◆ **HOW TO COMPLETE THIS TASK**
Without including any pictures, write out all the entries exactly.

[Collected data entries]

^^^^^^^^^^^^^^^^

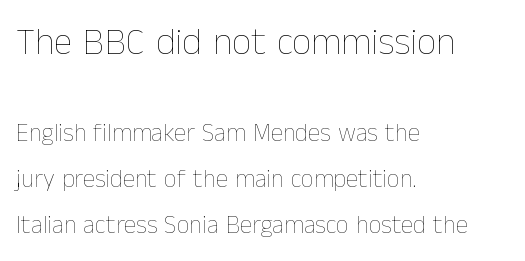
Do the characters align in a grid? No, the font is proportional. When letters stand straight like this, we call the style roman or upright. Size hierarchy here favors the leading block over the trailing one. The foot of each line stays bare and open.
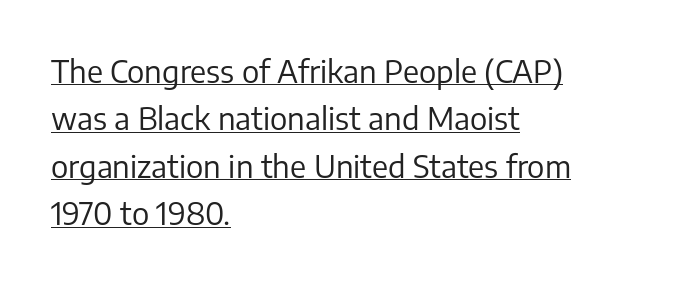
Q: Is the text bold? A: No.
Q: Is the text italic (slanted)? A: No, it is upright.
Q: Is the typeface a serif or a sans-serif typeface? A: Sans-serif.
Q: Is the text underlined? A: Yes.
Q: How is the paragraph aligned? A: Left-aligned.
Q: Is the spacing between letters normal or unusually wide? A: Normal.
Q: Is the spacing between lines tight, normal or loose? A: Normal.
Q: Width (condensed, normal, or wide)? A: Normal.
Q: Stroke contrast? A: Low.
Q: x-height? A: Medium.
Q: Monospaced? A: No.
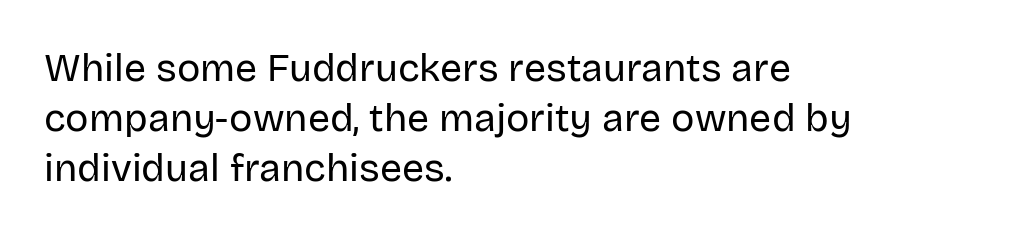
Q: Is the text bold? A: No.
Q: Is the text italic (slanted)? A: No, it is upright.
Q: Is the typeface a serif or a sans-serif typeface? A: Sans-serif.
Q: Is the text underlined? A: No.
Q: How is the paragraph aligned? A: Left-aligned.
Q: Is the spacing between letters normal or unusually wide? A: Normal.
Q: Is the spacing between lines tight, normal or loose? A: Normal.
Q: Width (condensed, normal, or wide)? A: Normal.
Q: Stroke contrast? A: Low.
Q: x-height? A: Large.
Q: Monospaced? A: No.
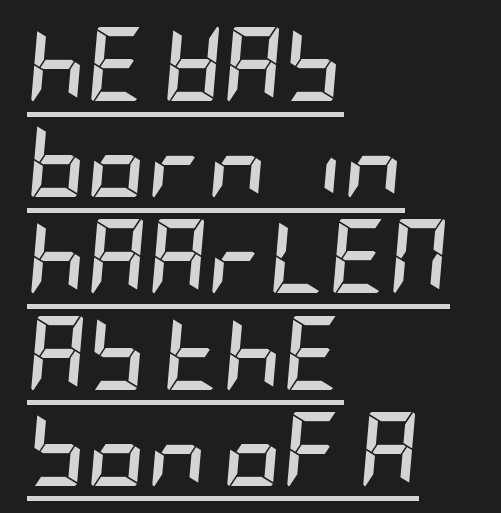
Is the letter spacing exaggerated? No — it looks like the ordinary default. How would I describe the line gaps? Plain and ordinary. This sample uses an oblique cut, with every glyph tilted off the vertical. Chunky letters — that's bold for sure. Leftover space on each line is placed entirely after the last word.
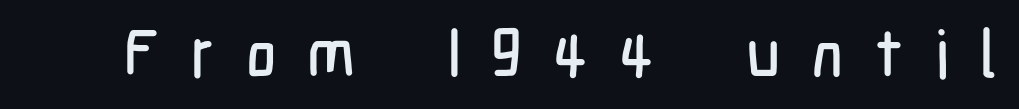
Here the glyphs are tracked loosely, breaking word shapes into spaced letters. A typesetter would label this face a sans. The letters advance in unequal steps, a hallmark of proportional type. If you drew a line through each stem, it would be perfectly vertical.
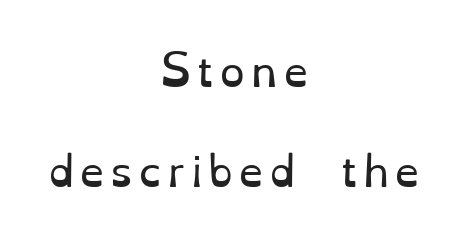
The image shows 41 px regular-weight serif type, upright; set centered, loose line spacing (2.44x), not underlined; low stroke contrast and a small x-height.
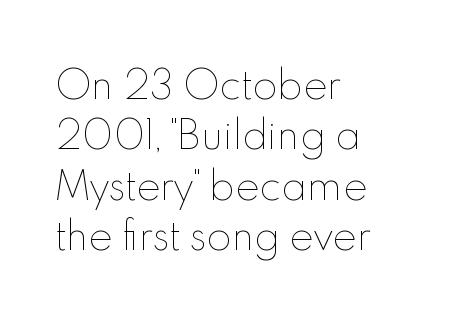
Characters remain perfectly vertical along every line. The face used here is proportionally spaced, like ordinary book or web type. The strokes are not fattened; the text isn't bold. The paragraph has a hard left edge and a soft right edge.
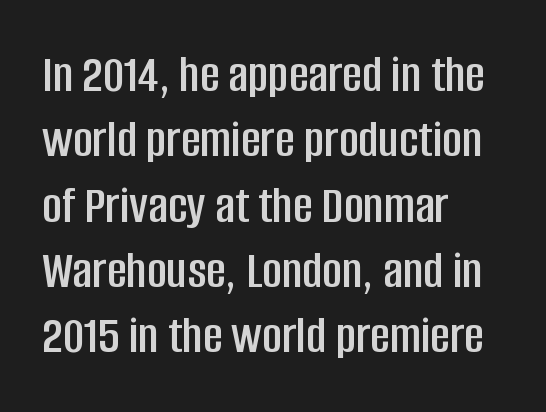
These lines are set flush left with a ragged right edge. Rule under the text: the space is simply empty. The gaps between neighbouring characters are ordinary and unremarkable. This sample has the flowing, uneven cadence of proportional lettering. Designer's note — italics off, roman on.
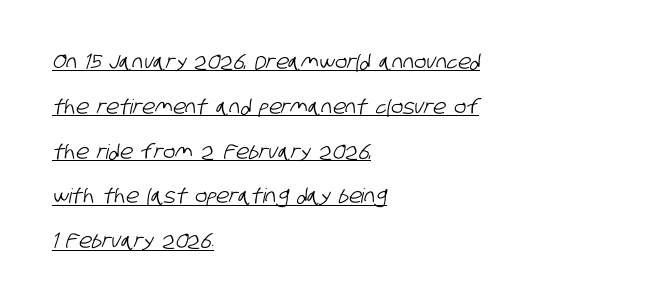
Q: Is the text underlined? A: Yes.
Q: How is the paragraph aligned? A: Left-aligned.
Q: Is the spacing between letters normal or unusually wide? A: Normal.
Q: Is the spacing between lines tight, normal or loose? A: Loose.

^^^^^^^^^^^^^^^^

◆ **SOLUTION TO THE EXERCISE**
Do the characters align in a grid? No, the font is proportional. When letters stand straight like this, we call the style roman or upright. Size hierarchy here favors the leading block over the trailing one. The foot of each line stays bare and open.
Q: Is the text bold? A: No.
Q: Is the text italic (slanted)? A: No, it is upright.
Q: Is the typeface a serif or a sans-serif typeface? A: Sans-serif.
Q: Is the text underlined? A: Yes.
Q: How is the paragraph aligned? A: Left-aligned.
Q: Is the spacing between letters normal or unusually wide? A: Normal.
Q: Is the spacing between lines tight, normal or loose? A: Normal.
Q: Width (condensed, normal, or wide)? A: Normal.
Q: Stroke contrast? A: Low.
Q: x-height? A: Medium.
Q: Monospaced? A: No.
Q: Is the text bold? A: No.
Q: Is the text italic (slanted)? A: No, it is upright.
Q: Is the typeface a serif or a sans-serif typeface? A: Sans-serif.
Q: Is the text underlined? A: No.
Q: How is the paragraph aligned? A: Left-aligned.
Q: Is the spacing between letters normal or unusually wide? A: Normal.
Q: Is the spacing between lines tight, normal or loose? A: Normal.
Q: Width (condensed, normal, or wide)? A: Normal.
Q: Stroke contrast? A: Low.
Q: x-height? A: Large.
Q: Monospaced? A: No.
Is the letter spacing exaggerated? No — it looks like the ordinary default. How would I describe the line gaps? Plain and ordinary. This sample uses an oblique cut, with every glyph tilted off the vertical. Chunky letters — that's bold for sure. Leftover space on each line is placed entirely after the last word.
Here the glyphs are tracked loosely, breaking word shapes into spaced letters. A typesetter would label this face a sans. The letters advance in unequal steps, a hallmark of proportional type. If you drew a line through each stem, it would be perfectly vertical.
The image shows 41 px regular-weight serif type, upright; set centered, loose line spacing (2.44x), not underlined; low stroke contrast and a small x-height.
Characters remain perfectly vertical along every line. The face used here is proportionally spaced, like ordinary book or web type. The strokes are not fattened; the text isn't bold. The paragraph has a hard left edge and a soft right edge.
These lines are set flush left with a ragged right edge. Rule under the text: the space is simply empty. The gaps between neighbouring characters are ordinary and unremarkable. This sample has the flowing, uneven cadence of proportional lettering. Designer's note — italics off, roman on.
Q: Is the text underlined? A: Yes.
Q: How is the paragraph aligned? A: Left-aligned.
Q: Is the spacing between letters normal or unusually wide? A: Normal.
Q: Is the spacing between lines tight, normal or loose? A: Loose.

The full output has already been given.